**EXERCISE GOAL:**
Your answer must be an exact copy of the records below, with every picture left out.

[INFORMATION SHOWN Boundary: Start]

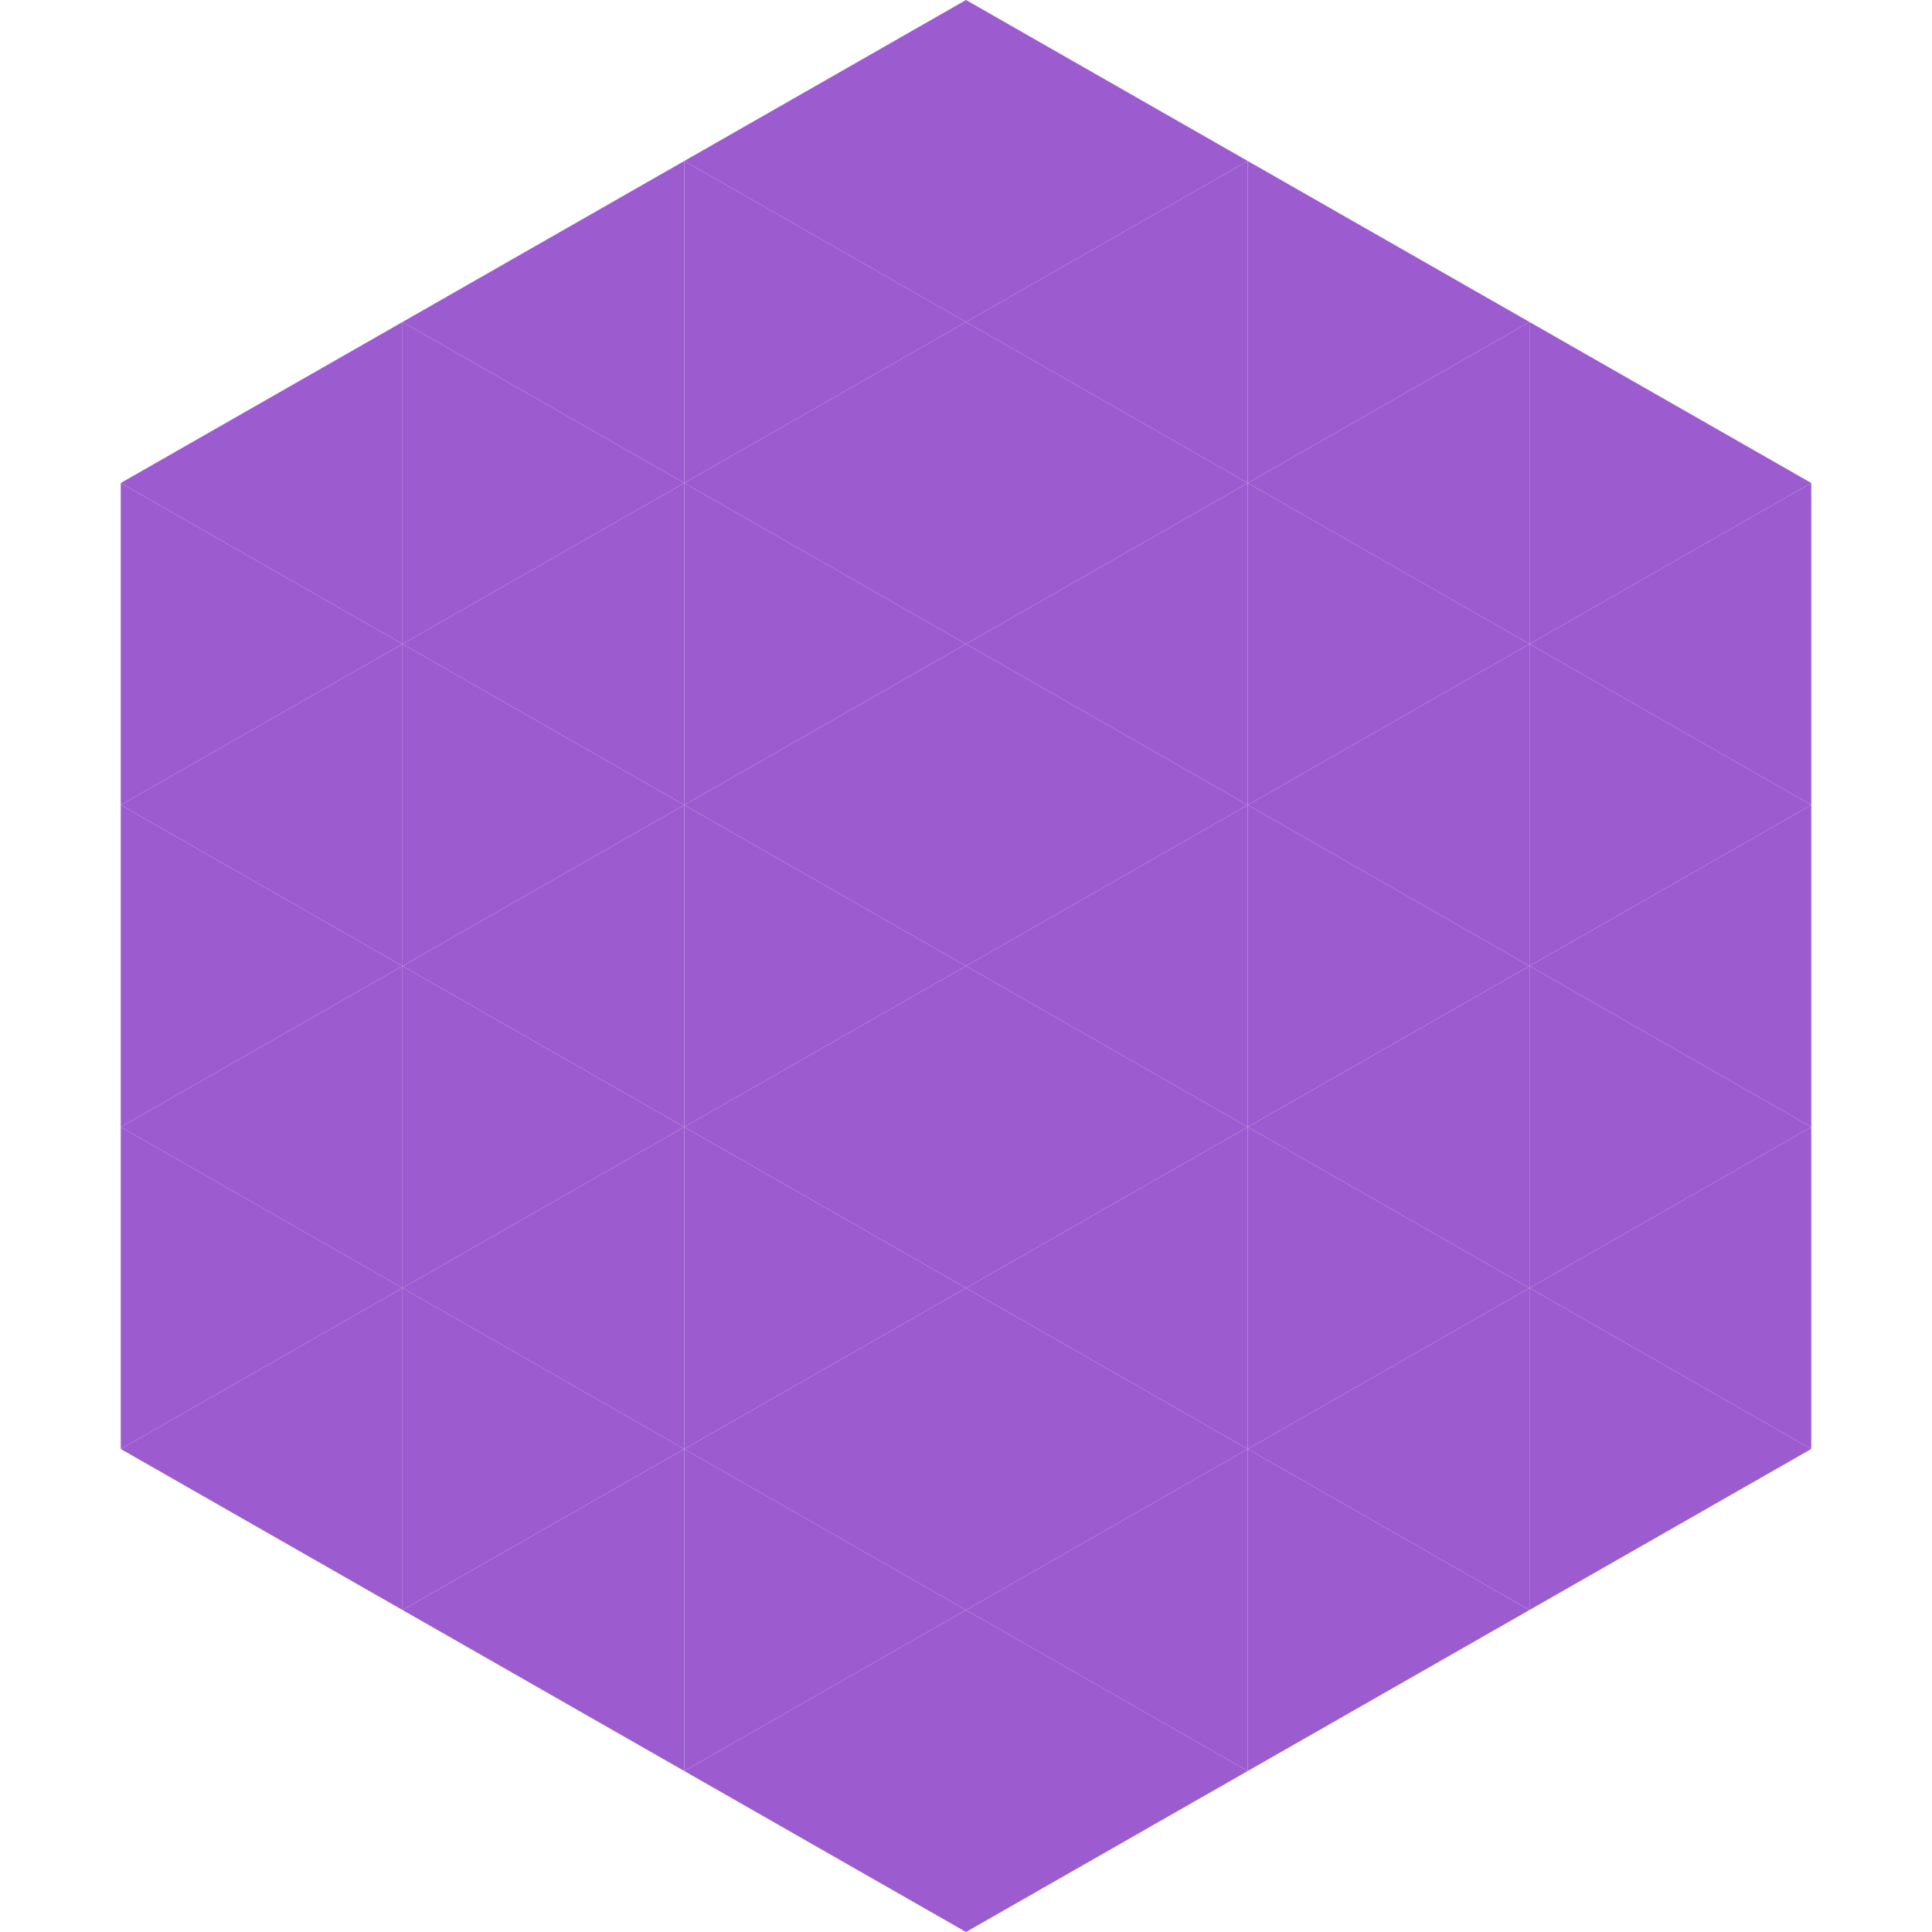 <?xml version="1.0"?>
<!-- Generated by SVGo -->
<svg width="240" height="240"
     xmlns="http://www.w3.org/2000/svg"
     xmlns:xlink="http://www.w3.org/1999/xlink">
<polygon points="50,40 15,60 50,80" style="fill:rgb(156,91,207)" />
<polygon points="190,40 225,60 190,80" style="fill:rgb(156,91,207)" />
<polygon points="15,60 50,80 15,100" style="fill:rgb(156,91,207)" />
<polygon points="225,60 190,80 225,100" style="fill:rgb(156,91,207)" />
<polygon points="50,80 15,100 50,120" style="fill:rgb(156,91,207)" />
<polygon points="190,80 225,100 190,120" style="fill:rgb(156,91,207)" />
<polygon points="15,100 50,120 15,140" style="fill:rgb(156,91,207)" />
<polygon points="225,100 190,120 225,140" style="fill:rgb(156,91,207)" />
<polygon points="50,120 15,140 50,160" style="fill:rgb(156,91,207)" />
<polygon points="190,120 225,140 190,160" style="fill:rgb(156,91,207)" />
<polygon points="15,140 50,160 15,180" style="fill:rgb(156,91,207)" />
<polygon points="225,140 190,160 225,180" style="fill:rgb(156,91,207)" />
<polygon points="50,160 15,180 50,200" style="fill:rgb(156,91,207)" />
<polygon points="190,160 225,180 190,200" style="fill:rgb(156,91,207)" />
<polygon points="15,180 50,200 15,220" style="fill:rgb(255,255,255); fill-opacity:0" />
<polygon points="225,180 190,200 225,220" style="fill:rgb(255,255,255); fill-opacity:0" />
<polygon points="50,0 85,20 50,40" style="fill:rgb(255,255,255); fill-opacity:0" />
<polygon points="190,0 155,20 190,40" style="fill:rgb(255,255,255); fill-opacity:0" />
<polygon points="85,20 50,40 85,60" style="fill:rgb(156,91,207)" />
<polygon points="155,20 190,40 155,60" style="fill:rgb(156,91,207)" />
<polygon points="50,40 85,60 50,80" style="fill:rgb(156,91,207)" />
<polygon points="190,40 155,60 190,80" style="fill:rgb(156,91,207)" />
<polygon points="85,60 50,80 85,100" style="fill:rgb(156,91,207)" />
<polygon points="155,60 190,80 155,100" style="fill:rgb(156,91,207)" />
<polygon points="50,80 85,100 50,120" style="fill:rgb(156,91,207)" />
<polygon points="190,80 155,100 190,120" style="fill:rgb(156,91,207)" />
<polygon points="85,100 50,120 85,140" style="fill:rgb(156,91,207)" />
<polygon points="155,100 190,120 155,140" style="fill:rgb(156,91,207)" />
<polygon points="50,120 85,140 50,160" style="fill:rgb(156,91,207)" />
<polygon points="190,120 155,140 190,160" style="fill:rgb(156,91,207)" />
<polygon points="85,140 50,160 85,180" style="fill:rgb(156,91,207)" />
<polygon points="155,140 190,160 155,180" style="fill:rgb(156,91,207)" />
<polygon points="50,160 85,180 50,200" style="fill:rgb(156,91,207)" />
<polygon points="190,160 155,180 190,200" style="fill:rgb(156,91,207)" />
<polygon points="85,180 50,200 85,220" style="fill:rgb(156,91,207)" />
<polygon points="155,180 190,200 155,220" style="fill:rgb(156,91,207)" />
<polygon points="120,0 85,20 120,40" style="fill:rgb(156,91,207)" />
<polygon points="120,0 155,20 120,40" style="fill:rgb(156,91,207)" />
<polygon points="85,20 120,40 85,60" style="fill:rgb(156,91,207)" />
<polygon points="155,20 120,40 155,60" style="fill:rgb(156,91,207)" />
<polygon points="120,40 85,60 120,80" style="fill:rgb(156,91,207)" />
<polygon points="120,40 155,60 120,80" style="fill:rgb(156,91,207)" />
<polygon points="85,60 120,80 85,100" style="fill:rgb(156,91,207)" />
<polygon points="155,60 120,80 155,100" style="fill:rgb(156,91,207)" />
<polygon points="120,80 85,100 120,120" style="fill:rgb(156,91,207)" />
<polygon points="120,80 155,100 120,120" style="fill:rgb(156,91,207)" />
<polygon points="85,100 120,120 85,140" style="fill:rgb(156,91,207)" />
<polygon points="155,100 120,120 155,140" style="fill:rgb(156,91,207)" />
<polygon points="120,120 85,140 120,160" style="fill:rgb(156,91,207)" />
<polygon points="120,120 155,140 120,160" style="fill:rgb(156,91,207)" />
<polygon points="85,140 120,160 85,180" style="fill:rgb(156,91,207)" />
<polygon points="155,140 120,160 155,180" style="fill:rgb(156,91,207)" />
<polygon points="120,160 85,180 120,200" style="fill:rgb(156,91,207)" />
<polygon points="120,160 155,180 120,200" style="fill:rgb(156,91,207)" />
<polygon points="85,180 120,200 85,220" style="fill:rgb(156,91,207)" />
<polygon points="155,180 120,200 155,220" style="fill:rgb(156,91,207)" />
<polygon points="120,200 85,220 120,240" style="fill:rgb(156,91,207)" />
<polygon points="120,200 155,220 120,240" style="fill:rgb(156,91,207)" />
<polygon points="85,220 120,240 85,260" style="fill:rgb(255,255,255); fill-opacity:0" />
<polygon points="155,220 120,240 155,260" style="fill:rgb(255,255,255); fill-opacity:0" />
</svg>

[INFORMATION SHOWN Boundary: End]

**ANSWER TO THE PROBLEM:**
 <?xml version="1.0"?>
<!-- Generated by SVGo -->
<svg width="240" height="240"
     xmlns="http://www.w3.org/2000/svg"
     xmlns:xlink="http://www.w3.org/1999/xlink">
<polygon points="50,40 15,60 50,80" style="fill:rgb(156,91,207)" />
<polygon points="190,40 225,60 190,80" style="fill:rgb(156,91,207)" />
<polygon points="15,60 50,80 15,100" style="fill:rgb(156,91,207)" />
<polygon points="225,60 190,80 225,100" style="fill:rgb(156,91,207)" />
<polygon points="50,80 15,100 50,120" style="fill:rgb(156,91,207)" />
<polygon points="190,80 225,100 190,120" style="fill:rgb(156,91,207)" />
<polygon points="15,100 50,120 15,140" style="fill:rgb(156,91,207)" />
<polygon points="225,100 190,120 225,140" style="fill:rgb(156,91,207)" />
<polygon points="50,120 15,140 50,160" style="fill:rgb(156,91,207)" />
<polygon points="190,120 225,140 190,160" style="fill:rgb(156,91,207)" />
<polygon points="15,140 50,160 15,180" style="fill:rgb(156,91,207)" />
<polygon points="225,140 190,160 225,180" style="fill:rgb(156,91,207)" />
<polygon points="50,160 15,180 50,200" style="fill:rgb(156,91,207)" />
<polygon points="190,160 225,180 190,200" style="fill:rgb(156,91,207)" />
<polygon points="15,180 50,200 15,220" style="fill:rgb(255,255,255); fill-opacity:0" />
<polygon points="225,180 190,200 225,220" style="fill:rgb(255,255,255); fill-opacity:0" />
<polygon points="50,0 85,20 50,40" style="fill:rgb(255,255,255); fill-opacity:0" />
<polygon points="190,0 155,20 190,40" style="fill:rgb(255,255,255); fill-opacity:0" />
<polygon points="85,20 50,40 85,60" style="fill:rgb(156,91,207)" />
<polygon points="155,20 190,40 155,60" style="fill:rgb(156,91,207)" />
<polygon points="50,40 85,60 50,80" style="fill:rgb(156,91,207)" />
<polygon points="190,40 155,60 190,80" style="fill:rgb(156,91,207)" />
<polygon points="85,60 50,80 85,100" style="fill:rgb(156,91,207)" />
<polygon points="155,60 190,80 155,100" style="fill:rgb(156,91,207)" />
<polygon points="50,80 85,100 50,120" style="fill:rgb(156,91,207)" />
<polygon points="190,80 155,100 190,120" style="fill:rgb(156,91,207)" />
<polygon points="85,100 50,120 85,140" style="fill:rgb(156,91,207)" />
<polygon points="155,100 190,120 155,140" style="fill:rgb(156,91,207)" />
<polygon points="50,120 85,140 50,160" style="fill:rgb(156,91,207)" />
<polygon points="190,120 155,140 190,160" style="fill:rgb(156,91,207)" />
<polygon points="85,140 50,160 85,180" style="fill:rgb(156,91,207)" />
<polygon points="155,140 190,160 155,180" style="fill:rgb(156,91,207)" />
<polygon points="50,160 85,180 50,200" style="fill:rgb(156,91,207)" />
<polygon points="190,160 155,180 190,200" style="fill:rgb(156,91,207)" />
<polygon points="85,180 50,200 85,220" style="fill:rgb(156,91,207)" />
<polygon points="155,180 190,200 155,220" style="fill:rgb(156,91,207)" />
<polygon points="120,0 85,20 120,40" style="fill:rgb(156,91,207)" />
<polygon points="120,0 155,20 120,40" style="fill:rgb(156,91,207)" />
<polygon points="85,20 120,40 85,60" style="fill:rgb(156,91,207)" />
<polygon points="155,20 120,40 155,60" style="fill:rgb(156,91,207)" />
<polygon points="120,40 85,60 120,80" style="fill:rgb(156,91,207)" />
<polygon points="120,40 155,60 120,80" style="fill:rgb(156,91,207)" />
<polygon points="85,60 120,80 85,100" style="fill:rgb(156,91,207)" />
<polygon points="155,60 120,80 155,100" style="fill:rgb(156,91,207)" />
<polygon points="120,80 85,100 120,120" style="fill:rgb(156,91,207)" />
<polygon points="120,80 155,100 120,120" style="fill:rgb(156,91,207)" />
<polygon points="85,100 120,120 85,140" style="fill:rgb(156,91,207)" />
<polygon points="155,100 120,120 155,140" style="fill:rgb(156,91,207)" />
<polygon points="120,120 85,140 120,160" style="fill:rgb(156,91,207)" />
<polygon points="120,120 155,140 120,160" style="fill:rgb(156,91,207)" />
<polygon points="85,140 120,160 85,180" style="fill:rgb(156,91,207)" />
<polygon points="155,140 120,160 155,180" style="fill:rgb(156,91,207)" />
<polygon points="120,160 85,180 120,200" style="fill:rgb(156,91,207)" />
<polygon points="120,160 155,180 120,200" style="fill:rgb(156,91,207)" />
<polygon points="85,180 120,200 85,220" style="fill:rgb(156,91,207)" />
<polygon points="155,180 120,200 155,220" style="fill:rgb(156,91,207)" />
<polygon points="120,200 85,220 120,240" style="fill:rgb(156,91,207)" />
<polygon points="120,200 155,220 120,240" style="fill:rgb(156,91,207)" />
<polygon points="85,220 120,240 85,260" style="fill:rgb(255,255,255); fill-opacity:0" />
<polygon points="155,220 120,240 155,260" style="fill:rgb(255,255,255); fill-opacity:0" />
</svg>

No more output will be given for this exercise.